## Data supplied
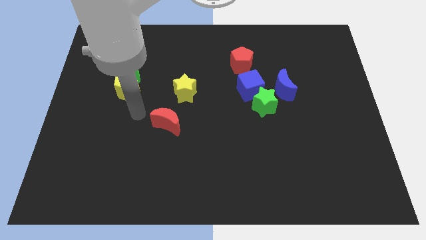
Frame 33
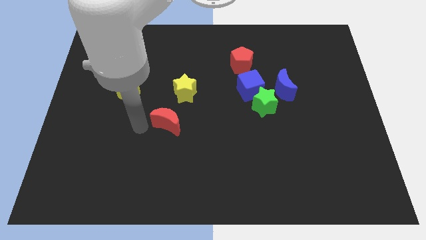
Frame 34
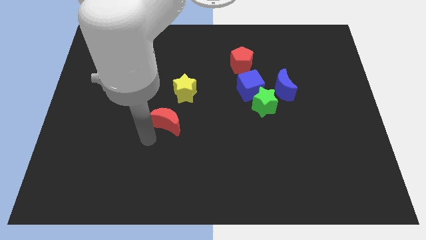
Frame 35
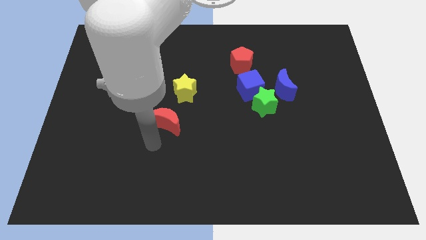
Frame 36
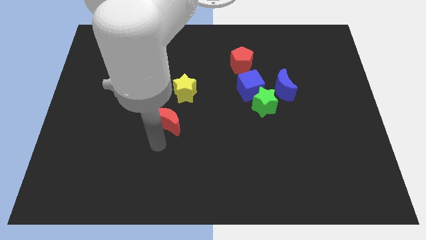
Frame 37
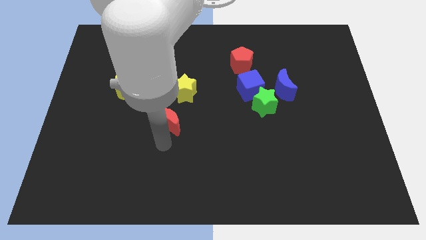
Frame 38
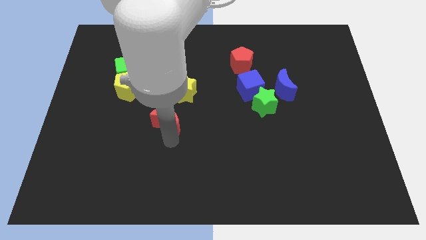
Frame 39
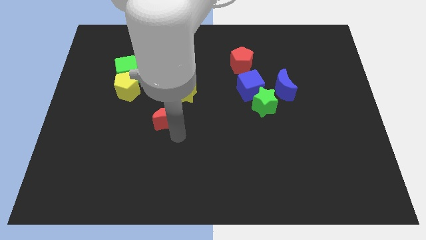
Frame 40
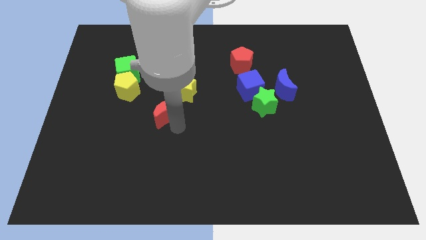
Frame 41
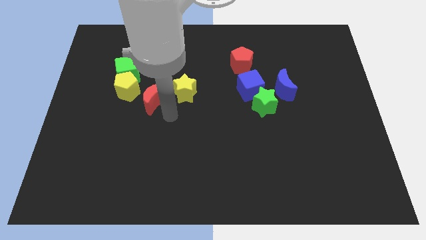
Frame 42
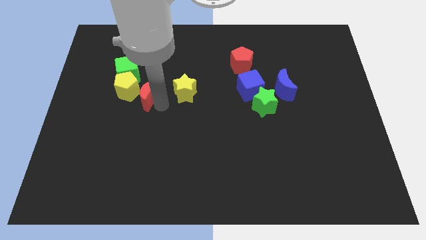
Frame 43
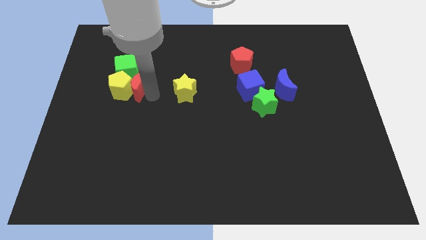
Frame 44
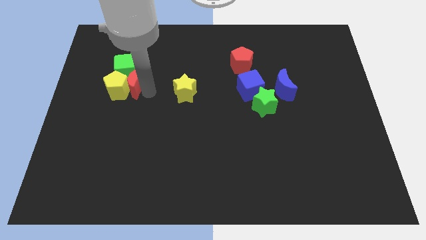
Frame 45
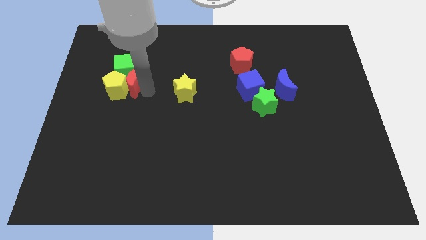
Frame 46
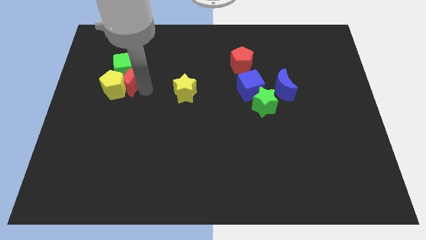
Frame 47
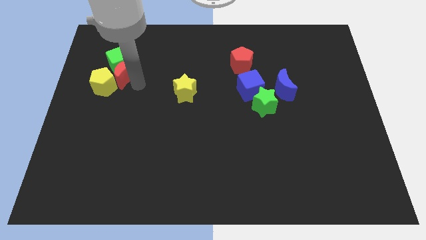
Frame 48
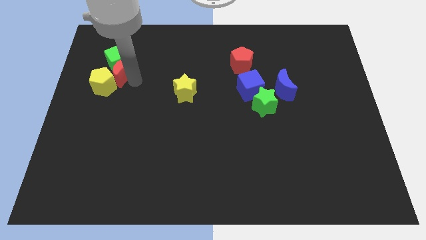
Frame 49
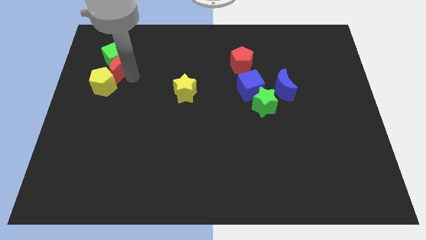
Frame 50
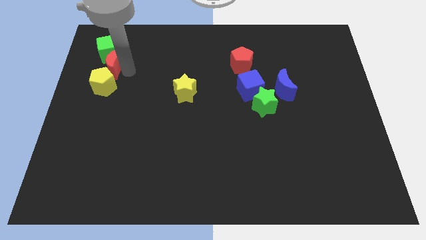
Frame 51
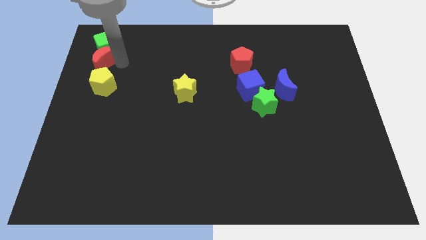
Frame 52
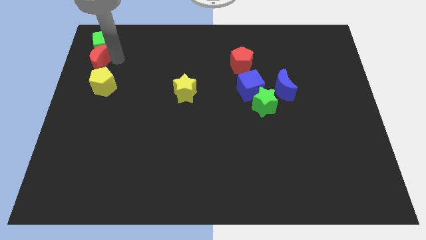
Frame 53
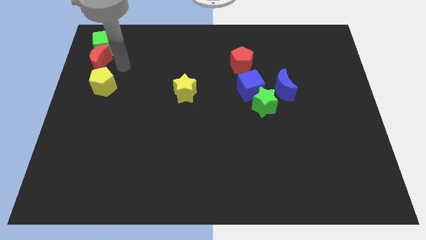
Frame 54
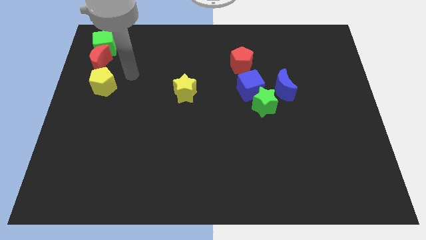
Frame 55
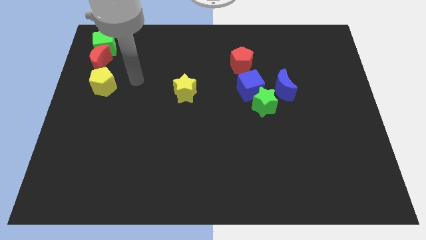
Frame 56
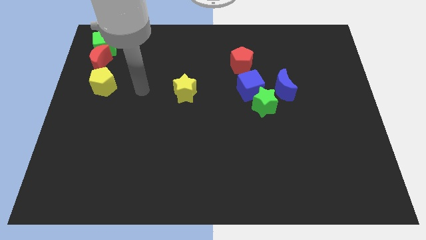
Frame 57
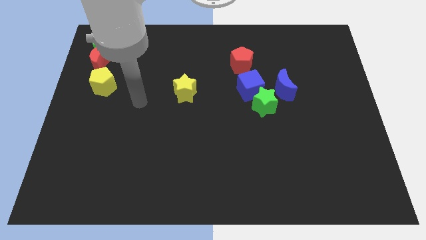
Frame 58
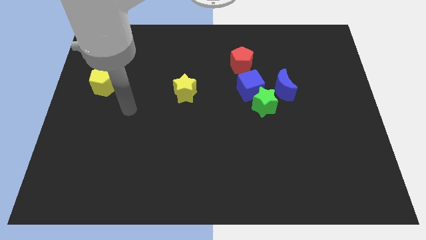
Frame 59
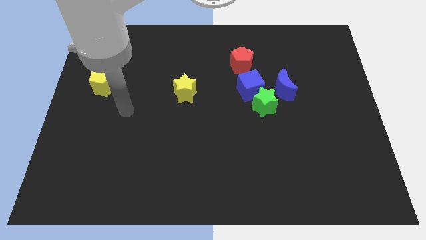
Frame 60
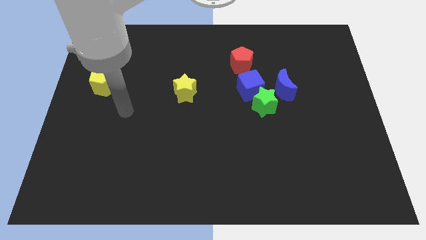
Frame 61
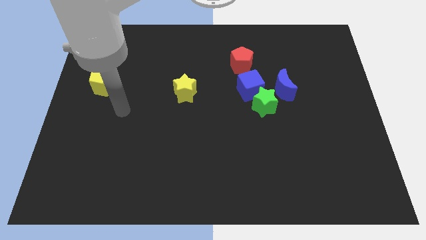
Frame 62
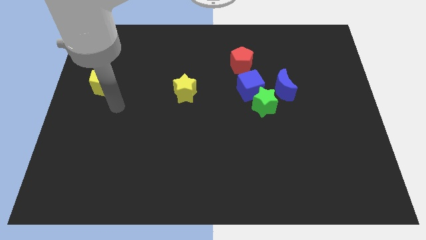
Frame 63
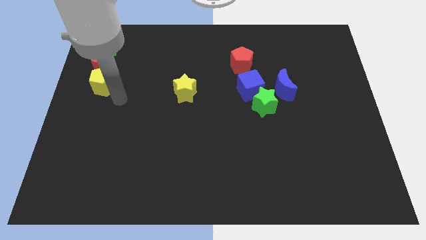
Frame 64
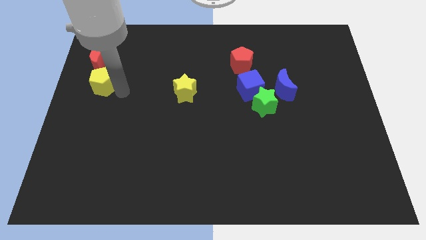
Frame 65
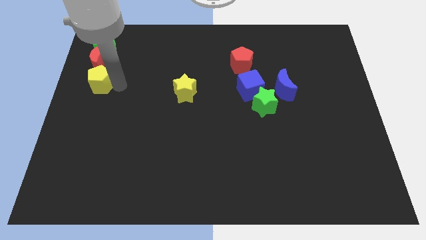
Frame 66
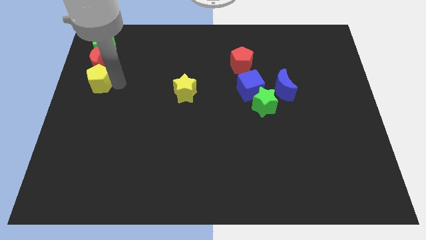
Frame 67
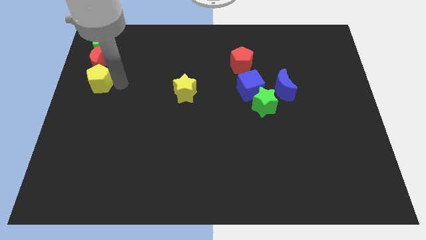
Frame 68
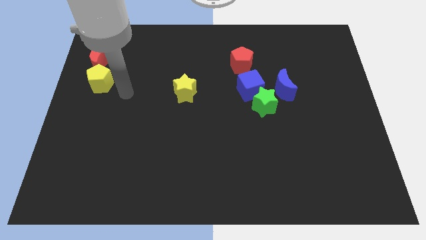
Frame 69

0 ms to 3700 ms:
make a vertical line out of yellow pentagon red moon and the green cube

## Try it
Output all the records, word for word, with no pictures in the copy.

## Exercise answer
Frame 33
Frame 34
Frame 35
Frame 36
Frame 37
Frame 38
Frame 39
Frame 40
Frame 41
Frame 42
Frame 43
Frame 44
Frame 45
Frame 46
Frame 47
Frame 48
Frame 49
Frame 50
Frame 51
Frame 52
Frame 53
Frame 54
Frame 55
Frame 56
Frame 57
Frame 58
Frame 59
Frame 60
Frame 61
Frame 62
Frame 63
Frame 64
Frame 65
Frame 66
Frame 67
Frame 68
Frame 69

0 ms to 3700 ms:
make a vertical line out of yellow pentagon red moon and the green cube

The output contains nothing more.